#### Records shown
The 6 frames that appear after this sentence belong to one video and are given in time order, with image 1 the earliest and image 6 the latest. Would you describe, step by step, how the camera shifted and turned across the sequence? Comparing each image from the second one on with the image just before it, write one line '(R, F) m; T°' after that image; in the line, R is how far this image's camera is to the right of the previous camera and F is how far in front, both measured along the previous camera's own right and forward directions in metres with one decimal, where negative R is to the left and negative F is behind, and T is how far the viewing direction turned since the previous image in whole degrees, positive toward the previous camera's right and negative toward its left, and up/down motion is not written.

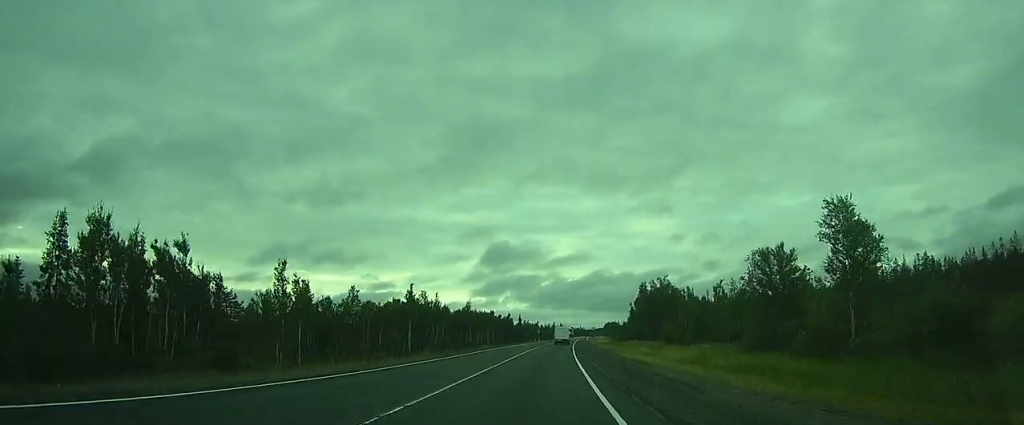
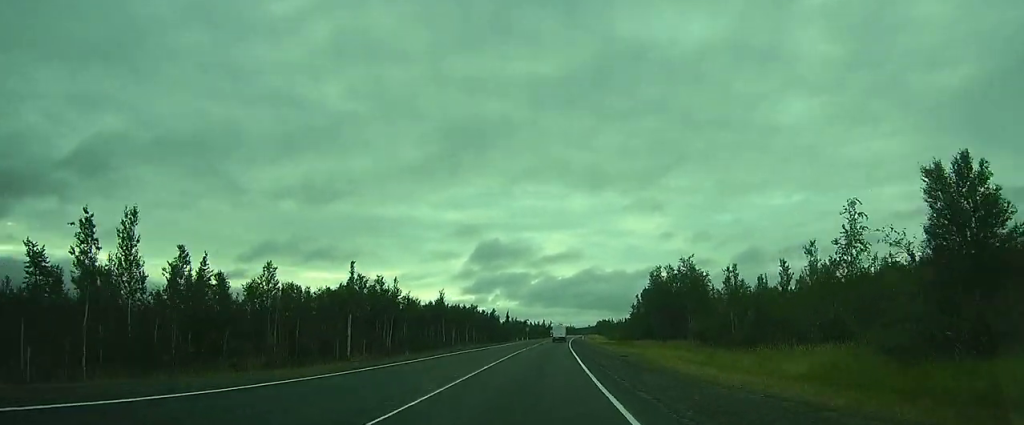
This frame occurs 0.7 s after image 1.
(+0.1, +15.0) m; 0°
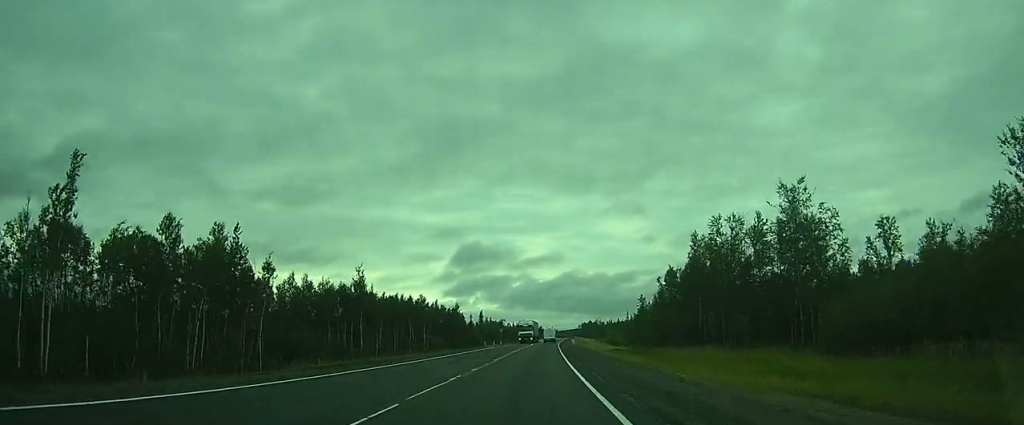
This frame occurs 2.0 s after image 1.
(+0.2, +24.1) m; +2°
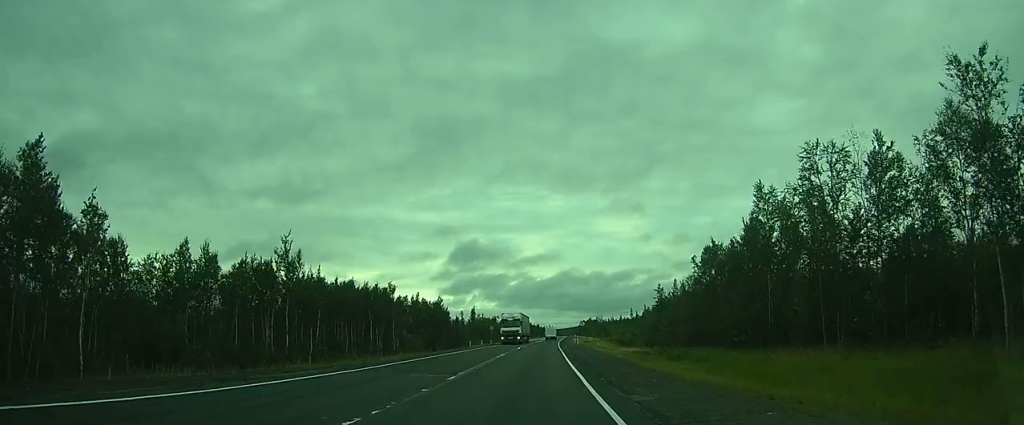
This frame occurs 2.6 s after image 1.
(0.0, +11.8) m; +2°
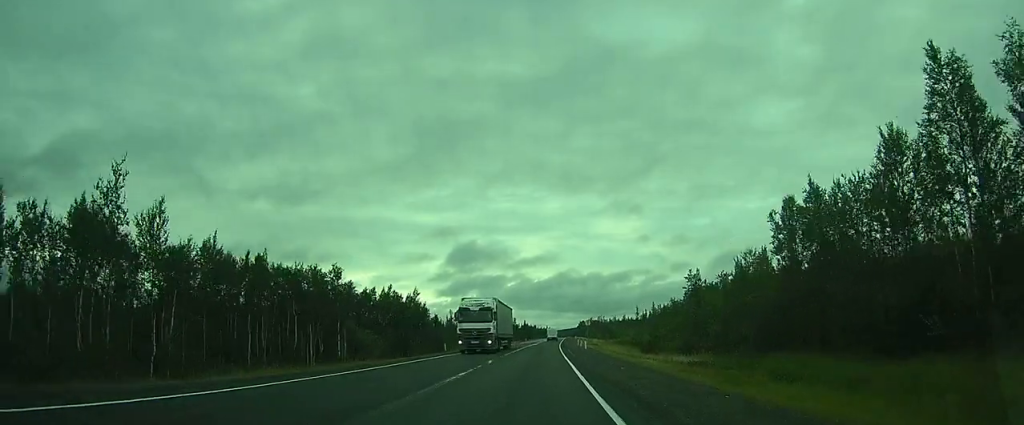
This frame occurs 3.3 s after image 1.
(+0.3, +13.1) m; +1°
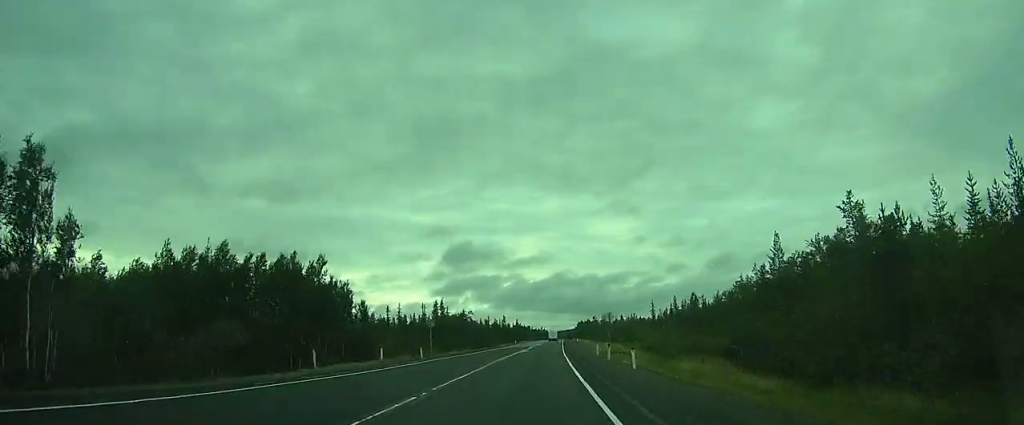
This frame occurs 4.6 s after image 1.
(+0.3, +24.8) m; +1°
########
What is being asked
The required answer is every line from the one containing "This frame occurs 2.6 s after image 1." through the last line of the entries, restated word for word and with no pictures.

Exercise output
This frame occurs 2.6 s after image 1.
(0.0, +11.8) m; +2°
This frame occurs 3.3 s after image 1.
(+0.3, +13.1) m; +1°
This frame occurs 4.6 s after image 1.
(+0.3, +24.8) m; +1°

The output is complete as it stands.